(Data entries)
^^^^^^^^
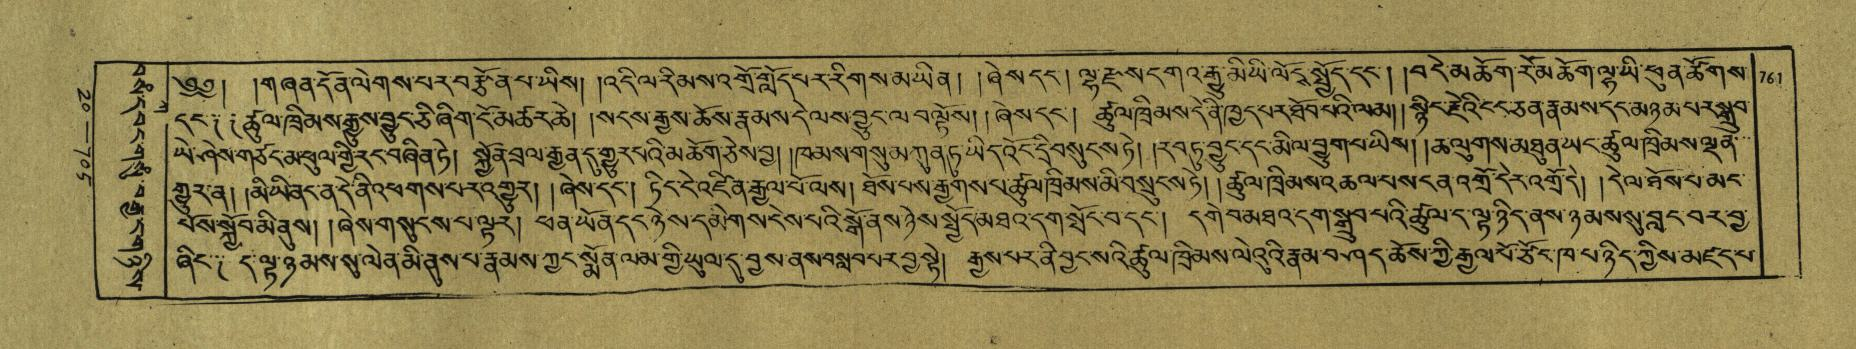༄༅། །གཞན་དོན་ལེགས་པར་བརྩོན་པ་ཡིས། །འདི་ལ་རིམས་འགྲོ་གློད་པར་རིགས་མ་ཡིན། །ཞེས་དང་། ལྷ་རྫས་དགའ་རྒྱུ་མི་ཡི་ལོངས་སྤྱོད་པ་དང་། །བདེ་མཆོག་རོ་མཆོག་ལྷ་ཡི་ཕུན་ཚོགས་
དང༑ ༑ཚུལ་ཁྲིམས་རྒྱུས་བྱུང་ཅི་ཞིག་ངོ་མཚར་ཆེ། །སངས་རྒྱས་ཆོས་རྣམས་དེ་ལས་བྱུང་ལ་བལྟོས། །ཞེས་དང་། ཚུལ་ཁྲིམས་དེ་ནི་ཁྱད་པར་ཐོབ་པའི་ལམ། །སྙིང་རྗེའི་ངག་ཅན་རྣམས་དང་མཉམ་པར་སྒྲུབ་
ཡེ་ཤེས་གཙང་མ་ཕུལ་གྱི་རང་བཞིན་ཏེ། སྐྱོན་བྲལ་རྒྱན་དུ་གྱུར་པའི་མཆོག་ཅེས་བྱ། །ཁམས་གསུམ་ཀུན་ཏུ་ཡིད་འོང་དྲི་བསུངས་ཏེ། །རབ་ཏུ་བྱུང་དང་མི་ལ་བྱུག་པ་ཡིས། །ཆ་ལུགས་མཐུན་ཡང་ཚུལ་ཁྲིམས་ལྡན་
གྱུར་ན། །མི་ཡི་ནང་ན་དེ་ནི་འཕགས་པར་འགྱུར། །ཞེས་དང་། ཏིང་ངེ་འཛིན་རྒྱལ་པོ་ལས། ཐོས་པས་རྒྱགས་པ་ཚུལ་ཁྲིམས་མི་བསྲུངས་ཏེ། །ཚུལ་ཁྲིམས་འཆལ་པས་ངན་འགྲོ་དེར་འགྲོ་དེ། །དེ་ལ་ཐོས་པ་མང་
པོས་སྐྱོབ་མི་ནུས། །ཞེས་གསུངས་པ་ལྟར། ཕན་ཡོན་དང་ཉེས་དམིགས་ངེས་པའི་སྒོ་ནས་ཉེས་སྤྱོད་མཐའ་དག་སྤོང་བ་དང་། དགེ་བ་མཐའ་དག་སྒྲུབ་པའི་ཚུལ་ད་ལྟ་ཉིད་ནས་ཉམས་སུ་བླང་བར་བྱ་
ཞིང༑ ད་ལྟ་ཉམས་སུ་ལེན་མི་ནུས་པ་རྣམས་ཀྱང་སྨོན་ལམ་གྱི་ཡུལ་དུ་བྱས་ནས་བསླབ་པར་བྱ་སྟེ། རྒྱས་པར་ནི་བྱང་སའི་ཚུལ་ཁྲིམས་ལེའུའི་རྣམ་བཤད་ཆོས་ཀྱི་རྒྱལ་པོ་ཙོང་ཁ་པ་ཉིད་ཀྱིས་མཛད་པ་
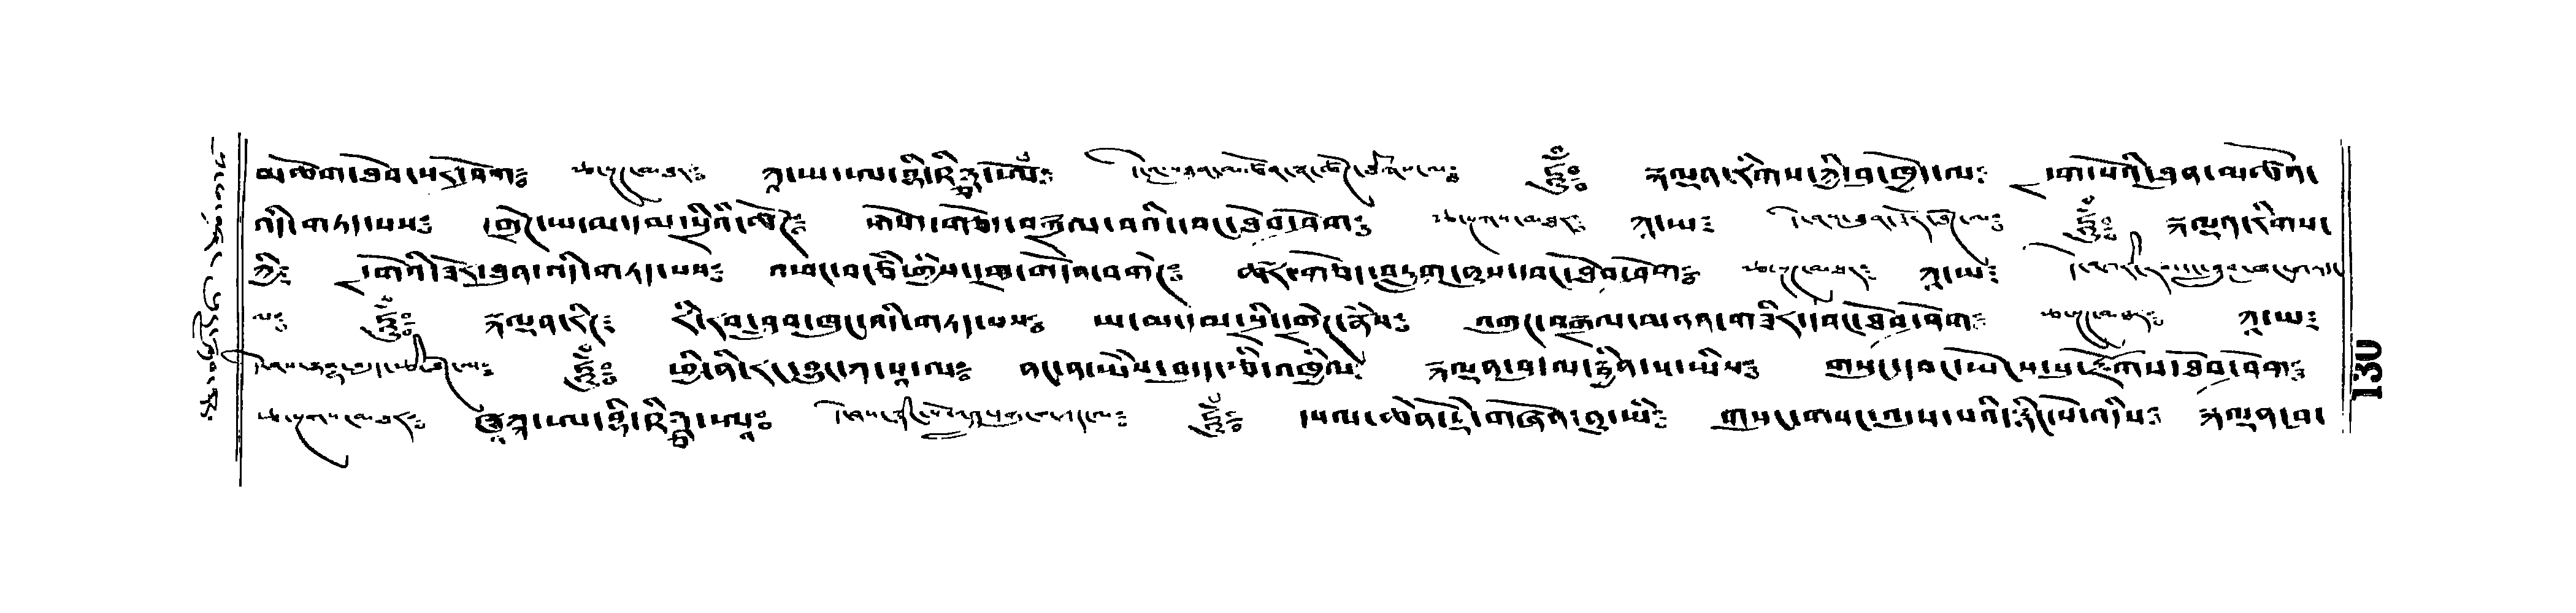མཆོག་ཐོབ་པར་ཤོག༔ རྩ་སྔགས་མཐར༔ ཀཱ་ཡ་ཨ་བྷི་རིཉྩ་ཨོཾ༔ དེ་ནས་ཐུན་མཚོན་སྣ་ཚོགས་ཐོགས་ལ༔ ཧཱུྃ༔ སྐལ་ལྡན་རིགས་ཀྱི་བུ་ཁྱོད་ལ༔ དྲག་པོའི་ཐུན་མཚོན་
འདི་གཏད་པས༔ དགྲ་བགེགས་ཡ་མ་དམ་སྲིའི་ཚོགས༔ གསོད་གཅོད་བསྒྲལ་བའི་དབང་ཐོབ་ཤོག༔ རྩ་སྔགས་མཐར༔ ཀཱ་ཡ༴ དེ་ནས་ཐུན་ཟོར་ཐོགས་ལ༔ ཧཱུྃ༔ སྐལ་ལྡན་རིགས་
ཀྱི༴ དྲག་པོའི་ཟོར་ཐུན་འདི་གཏད་པས༔ འཕང་བ་ཙམ་གྱིས་དགྲ་གདོན་བགེགས༔ ཚར་གཅོད་བརླག་ནུས་དབང་ཐོབ་ཤོག༔ རྩ་སྔགས་མཐར༔ ཀཱ་ཡ་སོགས༔ དེ་ནས་རི་རབ་བྲུ་ཁུང་གཏད་
ལ༔ ཧཱུྃ༔ སྐལ་ལྡན་རིགས༴ རི་རབ་བྲུབ་ཁུང་འདི་གཏད་པས༔ ཡ་མ་དམ་སྲི་དགྲ་བགེགས་རྣམས༔ འགུགས་བསྒྲལ་མནན་གཟིར་དབང་ཐོབ་ཤོག༔ རྩ་སྔགས་མཐར༔ ཀཱ་ཡ་སོགས༔ 
དེ་ནས་བྷནྡྷ་བདུད་རྩི་ཐོགས་ལ༔ ཧཱུྃ༔ ཕྱི་ནི་རང་བྱུང་ཀ་པཱ་ལ༔ ནང་ན་ཡེ་ཤེས་བདུད་རྩི་འཁྱིལ༔ སྐལ་ལྡན་བུ་ལ་སྦྱིན་པ་ཡིས༔ གསུང་དབང་ཡོངས་སུ་རྫོགས་ཐོབ་ཤོག༔ 
རྩ་སྔགས་མཐར༔ ཝཱཀྐ་ཨ་བྷི་རིཉྩ་ཨཱཿ དེ་ནས་སྙིང་པོ་འབྲུ་དགུ་གཏད་ལ༔ ཧཱུྃ༔ དཔལ་ཆེན་རྡོ་རྗེ་གཞོན་ནུ་ཡི༔ གསུང་གསང་འདུས་པའི་སྙིང་པོ་འདིས༔ སྐལ་ལྡན་བུ་
^^^^^^^^
Please retype exactly the line containing "ལ༔ ཧཱུྃ༔ སྐལ་ལྡན་རིགས༴" and each line after it to the end of the records, and nothing more.

ལ༔ ཧཱུྃ༔ སྐལ་ལྡན་རིགས༴ རི་རབ་བྲུབ་ཁུང་འདི་གཏད་པས༔ ཡ་མ་དམ་སྲི་དགྲ་བགེགས་རྣམས༔ འགུགས་བསྒྲལ་མནན་གཟིར་དབང་ཐོབ་ཤོག༔ རྩ་སྔགས་མཐར༔ ཀཱ་ཡ་སོགས༔ 
དེ་ནས་བྷནྡྷ་བདུད་རྩི་ཐོགས་ལ༔ ཧཱུྃ༔ ཕྱི་ནི་རང་བྱུང་ཀ་པཱ་ལ༔ ནང་ན་ཡེ་ཤེས་བདུད་རྩི་འཁྱིལ༔ སྐལ་ལྡན་བུ་ལ་སྦྱིན་པ་ཡིས༔ གསུང་དབང་ཡོངས་སུ་རྫོགས་ཐོབ་ཤོག༔ 
རྩ་སྔགས་མཐར༔ ཝཱཀྐ་ཨ་བྷི་རིཉྩ་ཨཱཿ དེ་ནས་སྙིང་པོ་འབྲུ་དགུ་གཏད་ལ༔ ཧཱུྃ༔ དཔལ་ཆེན་རྡོ་རྗེ་གཞོན་ནུ་ཡི༔ གསུང་གསང་འདུས་པའི་སྙིང་པོ་འདིས༔ སྐལ་ལྡན་བུ་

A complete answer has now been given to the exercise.